Repo layout (monorepo)

talos-auditor/
├── apps/
│   ├── agent/        CLI (@talos-foundrix/auditor-agent)
│   ├── api/          Cloudflare Worker (Hono)
│   ├── consumer/     Cloudflare Worker (queue + workflows)
│   └── dashboard/    Next.js 15 (this app you're reading)
├── packages/
│   ├── shared/       zod schemas, pricing, privacy modes
│   ├── db/           D1 schema + migrations
│   └── ui/           design tokens + TalosLogo
├── infra/
│   └── install.sh    one-line installer
└── docs/
    ├── PLAN.md
    ├── CLERK_SETUP.md
    └── SLACK_SETUP.md

Deployment

Two Workers deploy via wrangler deploy --env prod on merge to main. D1 migrations auto-apply via wrangler d1 migrations apply auditor-prod --remote. Dashboard ships to Cloudflare Pages via OpenNext.

Scaling ceilings

D1: 10 GB per database.

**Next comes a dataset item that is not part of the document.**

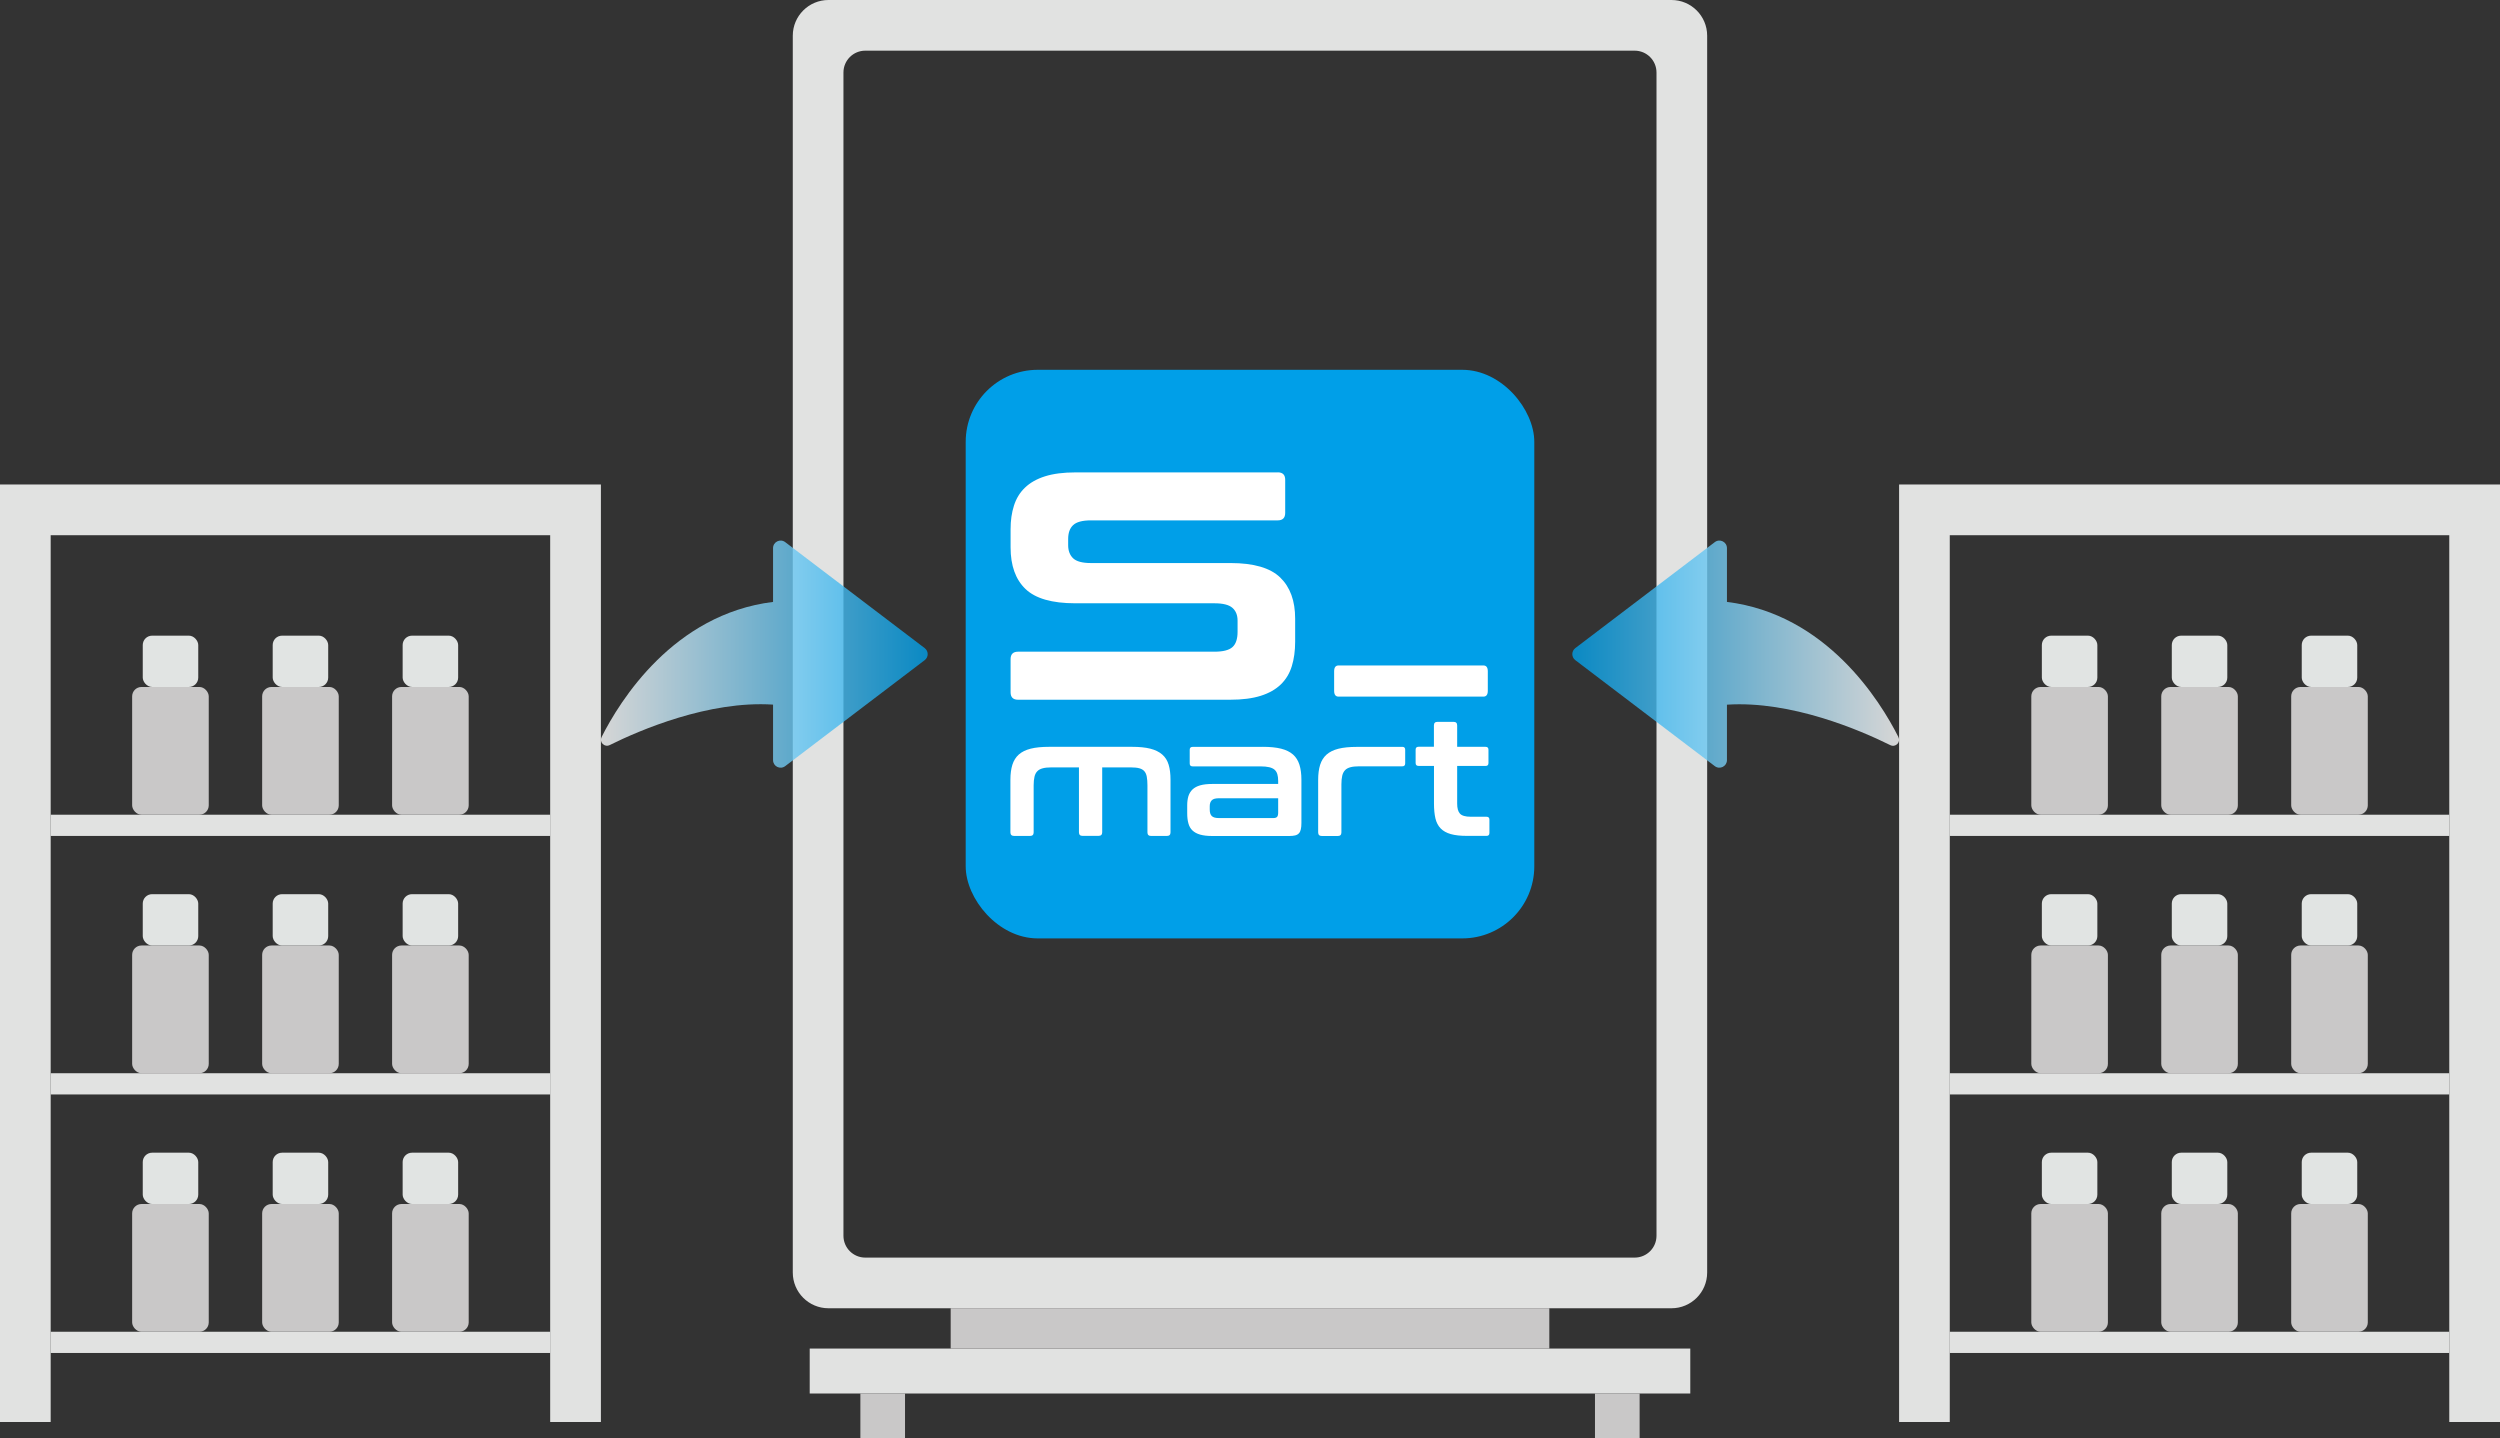 <svg viewBox="0 0 419.41 241.27" xmlns="http://www.w3.org/2000/svg" xmlns:xlink="http://www.w3.org/1999/xlink"><rect x="0" y="0" width="419.41" height="241.27" fill="#333333" stroke="none"/><linearGradient id="a" gradientUnits="userSpaceOnUse" x1="263.79" x2="318.6" y1="109.74" y2="109.74"><stop offset="0" stop-color="#009fe8"/><stop offset="1" stop-color="#fff"/></linearGradient><linearGradient id="b" gradientTransform="matrix(-1 -0 -0 1 300.22 0)" x1="144.61" x2="199.42" xlink:href="#a" y1="109.74" y2="109.74"/><path d="m135.84 226.24h147.73v7.54h-147.73z" fill="#e1e2e1"/><path d="m144.34 233.78h7.49v7.49h-7.49z" fill="#c9c8c8"/><path d="m267.58 233.78h7.49v7.49h-7.49z" fill="#c9c8c8"/><path d="m159.49 219.48h100.43v6.76h-100.43z" fill="#c9c8c8"/><path d="m280.41 0h-141.42c-3.31 0-5.99 2.68-5.99 5.99v207.5c0 3.31 2.68 5.99 5.99 5.99h141.42c3.31 0 5.99-2.68 5.99-5.99v-207.5c0-3.31-2.68-5.99-5.99-5.99zm-2.51 207.32c0 2.02-1.64 3.66-3.66 3.66h-129.08c-2.02 0-3.66-1.64-3.66-3.66v-195.16c0-2.02 1.64-3.66 3.66-3.66h129.08c2.02 0 3.66 1.64 3.66 3.66z" fill="#e1e2e1"/><rect fill="#009fe8" height="95.39" rx="12.09" width="95.39" x="162.01" y="62.04"/><g fill="#fff"><path d="m214.36 79.24c.83 0 1.25.42 1.25 1.25v5.56c0 .83-.42 1.25-1.25 1.25h-31.34c-1.44 0-2.43.27-2.99.8s-.83 1.31-.83 2.33v1.04c0 .93.28 1.66.83 2.19.56.53 1.55.8 2.99.8h23.42c3.89 0 6.67.81 8.34 2.43s2.5 3.92 2.5 6.88v3.89c0 1.53-.19 2.9-.56 4.1-.37 1.21-.98 2.22-1.84 3.06-.86.83-1.98 1.47-3.37 1.91s-3.1.66-5.14.66h-35.58c-.83 0-1.25-.42-1.25-1.25v-5.56c0-.83.42-1.25 1.25-1.25h32.94c1.44 0 2.44-.25 3.02-.76s.87-1.37.87-2.57v-1.88c0-.93-.29-1.64-.87-2.15s-1.59-.76-3.02-.76h-23.35c-3.89 0-6.67-.8-8.34-2.4s-2.5-3.93-2.5-6.98v-3.06c0-1.44.18-2.74.56-3.93.37-1.18.98-2.19 1.84-3.02s1.98-1.47 3.37-1.91 3.1-.66 5.14-.66h33.91z"/><path d="m248.86 111.64c.49 0 .74.33.74.98v3.27c0 .65-.25.98-.74.98h-24.3c-.49 0-.74-.33-.74-.98v-3.27c0-.65.25-.98.74-.98z"/><path d="m189.92 125.29c1.22 0 2.24.1 3.06.31.83.21 1.49.54 2 .98s.87 1.02 1.08 1.72.31 1.54.31 2.52v8.82c0 .4-.2.6-.6.6h-2.67c-.4 0-.6-.2-.6-.6v-7.9c0-.56-.04-1.04-.11-1.43s-.21-.7-.41-.93-.48-.39-.84-.49-.84-.15-1.44-.15h-4.79v10.89c0 .4-.21.6-.63.6h-2.67c-.4 0-.6-.2-.6-.6v-10.89h-4.63c-.58 0-1.06.05-1.44.15s-.69.26-.91.49c-.23.23-.39.54-.48.93s-.14.87-.14 1.43v7.9c0 .4-.2.6-.6.6h-2.67c-.42 0-.63-.2-.63-.6v-8.82c0-.98.11-1.82.33-2.52s.58-1.27 1.08-1.72c.5-.44 1.16-.77 1.99-.98s1.86-.31 3.09-.31h13.91z"/><path d="m211.84 125.29c1.22 0 2.24.1 3.08.31.83.21 1.5.54 2 .98s.86 1.02 1.08 1.72.33 1.54.33 2.52v7.24c0 .44-.03.79-.1 1.08-.06.28-.17.5-.33.67-.15.16-.36.28-.61.34s-.58.1-.98.1h-12.96c-.8 0-1.47-.08-2-.23-.54-.15-.97-.39-1.29-.69-.33-.31-.56-.71-.69-1.2-.14-.49-.2-1.07-.2-1.74v-1.31c0-.56.07-1.07.2-1.51.14-.44.37-.82.69-1.13.33-.31.76-.54 1.29-.69.54-.15 1.2-.23 2-.23h11.08v-.52c0-.44-.05-.81-.14-1.12s-.25-.56-.46-.75c-.22-.19-.52-.33-.9-.42s-.87-.14-1.47-.14h-11.38c-.33 0-.49-.16-.49-.49v-2.29c0-.33.16-.49.49-.49h11.76zm1.8 11.95c.29 0 .49-.07.61-.2s.18-.38.18-.72v-2.4h-9.96c-.56 0-.96.11-1.18.34-.23.23-.34.56-.34.99v.57c0 .49.11.85.34 1.08s.62.34 1.18.34z"/><path d="m235.25 125.29c.33 0 .49.16.49.49v2.29c0 .33-.16.49-.49.49h-7.24c-.58 0-1.06.05-1.44.15s-.69.26-.91.49-.39.54-.48.93-.14.87-.14 1.43v8.09c0 .4-.2.6-.6.6h-2.67c-.42 0-.63-.2-.63-.6v-8.82c0-.98.11-1.82.33-2.52s.58-1.27 1.08-1.72c.5-.44 1.16-.77 1.99-.98s1.86-.31 3.09-.31h7.62z"/><path d="m240.56 125.29v-3.59c0-.4.2-.6.6-.6h2.7c.4 0 .6.2.6.6v3.59h4.76c.33 0 .49.16.49.49v2.23c0 .33-.16.49-.49.49h-4.76v6.32c0 .76.15 1.32.46 1.67s.92.53 1.82.53h2.64c.33 0 .49.16.49.49v2.23c0 .33-.16.49-.49.49h-3.29c-1.09 0-1.99-.1-2.7-.3s-1.28-.52-1.7-.95-.72-1-.88-1.69-.24-1.52-.24-2.48v-6.32h-2.59c-.33 0-.49-.16-.49-.49v-2.23c0-.33.16-.49.49-.49h2.59z"/></g><path d="m100.81 238.56v-157.28h-100.81v157.28h8.5v-148.77h83.8v148.77z" fill="#e1e2e1"/><path d="m8.5 136.68h83.8v3.56h-83.8z" fill="#e1e2e1"/><rect fill="#c9c8c8" height="21.43" rx="1.57" width="12.85" x="65.78" y="115.25"/><rect fill="#e1e4e3" height="8.61" rx="1.57" width="9.31" x="67.55" y="106.64"/><rect fill="#c9c8c8" height="21.43" rx="1.57" width="12.85" x="43.98" y="115.25"/><rect fill="#e1e4e3" height="8.61" rx="1.57" width="9.31" x="45.75" y="106.64"/><rect fill="#c9c8c8" height="21.43" rx="1.57" width="12.85" x="22.17" y="115.25"/><rect fill="#e1e4e3" height="8.61" rx="1.57" width="9.31" x="23.95" y="106.64"/><path d="m8.5 180.05h83.8v3.56h-83.8z" fill="#e1e2e1"/><rect fill="#c9c8c8" height="21.43" rx="1.57" width="12.85" x="65.78" y="158.62"/><rect fill="#e1e4e3" height="8.61" rx="1.57" width="9.31" x="67.55" y="150.01"/><rect fill="#c9c8c8" height="21.43" rx="1.57" width="12.85" x="43.98" y="158.62"/><rect fill="#e1e4e3" height="8.61" rx="1.57" width="9.31" x="45.75" y="150.01"/><rect fill="#c9c8c8" height="21.43" rx="1.57" width="12.85" x="22.17" y="158.62"/><rect fill="#e1e4e3" height="8.61" rx="1.57" width="9.31" x="23.95" y="150.01"/><path d="m8.5 223.42h83.8v3.56h-83.8z" fill="#e1e2e1"/><rect fill="#c9c8c8" height="21.43" rx="1.57" width="12.85" x="65.78" y="201.99"/><rect fill="#e1e4e3" height="8.61" rx="1.57" width="9.31" x="67.55" y="193.38"/><rect fill="#c9c8c8" height="21.43" rx="1.57" width="12.85" x="43.98" y="201.99"/><rect fill="#e1e4e3" height="8.61" rx="1.57" width="9.31" x="45.75" y="193.38"/><rect fill="#c9c8c8" height="21.43" rx="1.57" width="12.85" x="22.17" y="201.99"/><rect fill="#e1e4e3" height="8.61" rx="1.57" width="9.31" x="23.95" y="193.38"/><path d="m419.41 238.56v-157.28h-100.81v157.28h8.5v-148.77h83.8v148.77z" fill="#e1e2e1"/><path d="m327.1 136.68h83.8v3.56h-83.8z" fill="#e1e2e1"/><rect fill="#c9c8c8" height="21.43" rx="1.57" width="12.85" x="384.38" y="115.25"/><rect fill="#e1e4e3" height="8.61" rx="1.57" width="9.31" x="386.15" y="106.64"/><rect fill="#c9c8c8" height="21.43" rx="1.57" width="12.85" x="362.58" y="115.25"/><rect fill="#e1e4e3" height="8.61" rx="1.57" width="9.31" x="364.35" y="106.64"/><rect fill="#c9c8c8" height="21.43" rx="1.57" width="12.85" x="340.78" y="115.25"/><rect fill="#e1e4e3" height="8.61" rx="1.57" width="9.31" x="342.55" y="106.64"/><path d="m327.1 180.05h83.8v3.56h-83.8z" fill="#e1e2e1"/><rect fill="#c9c8c8" height="21.43" rx="1.57" width="12.85" x="384.38" y="158.62"/><rect fill="#e1e4e3" height="8.61" rx="1.57" width="9.31" x="386.15" y="150.01"/><rect fill="#c9c8c8" height="21.43" rx="1.57" width="12.85" x="362.58" y="158.62"/><rect fill="#e1e4e3" height="8.61" rx="1.57" width="9.31" x="364.35" y="150.01"/><rect fill="#c9c8c8" height="21.43" rx="1.57" width="12.85" x="340.78" y="158.62"/><rect fill="#e1e4e3" height="8.61" rx="1.57" width="9.31" x="342.55" y="150.01"/><path d="m327.1 223.42h83.8v3.56h-83.8z" fill="#e1e2e1"/><rect fill="#c9c8c8" height="21.43" rx="1.57" width="12.85" x="384.38" y="201.99"/><rect fill="#e1e4e3" height="8.61" rx="1.57" width="9.31" x="386.15" y="193.38"/><rect fill="#c9c8c8" height="21.43" rx="1.57" width="12.85" x="362.58" y="201.99"/><rect fill="#e1e4e3" height="8.61" rx="1.57" width="9.31" x="364.35" y="193.38"/><rect fill="#c9c8c8" height="21.43" rx="1.57" width="12.85" x="340.78" y="201.99"/><rect fill="#e1e4e3" height="8.61" rx="1.57" width="9.31" x="342.55" y="193.38"/><path d="m318.49 123.66c-3.08-6.11-12.07-20.61-28.77-22.68v-9.02c0-1.05-1.2-1.65-2.04-1.01l-23.4 17.78c-.67.51-.67 1.51 0 2.02l23.4 17.78c.84.64 2.04.04 2.04-1.01v-9.3c10.79-.7 22.37 4.29 27.41 6.79.87.43 1.79-.48 1.35-1.34z" fill="url(#a)" opacity=".8"/><path d="m100.92 123.66c3.08-6.11 12.07-20.61 28.77-22.68v-3.74s0-5.28 0-5.28c0-1.05 1.2-1.65 2.04-1.01l23.4 17.78c.67.51.67 1.51 0 2.02l-23.4 17.78c-.84.64-2.04.04-2.04-1.01v-5.28s0-4.03 0-4.03c-10.79-.7-22.37 4.29-27.41 6.79-.87.43-1.79-.48-1.35-1.34z" fill="url(#b)" opacity=".8"/></svg>

We only store aggregates here, so 10 GB is hundreds of thousands of developer-months.
R2: effectively unlimited. full mode at 10 devs × 20MB/day ≈ 200MB/day ≈ 6GB/month. Pennies.
Queues: 5k msgs/sec per queue. We batch 50 events per message so that's 250k events/sec raw throughput before rate limit kicks in.
Workers: 128MB memory, 50ms bundled CPU on api. Consumer gets 5 min CPU because it's on unbound.

See the Trust page for data-flow and subprocessor details.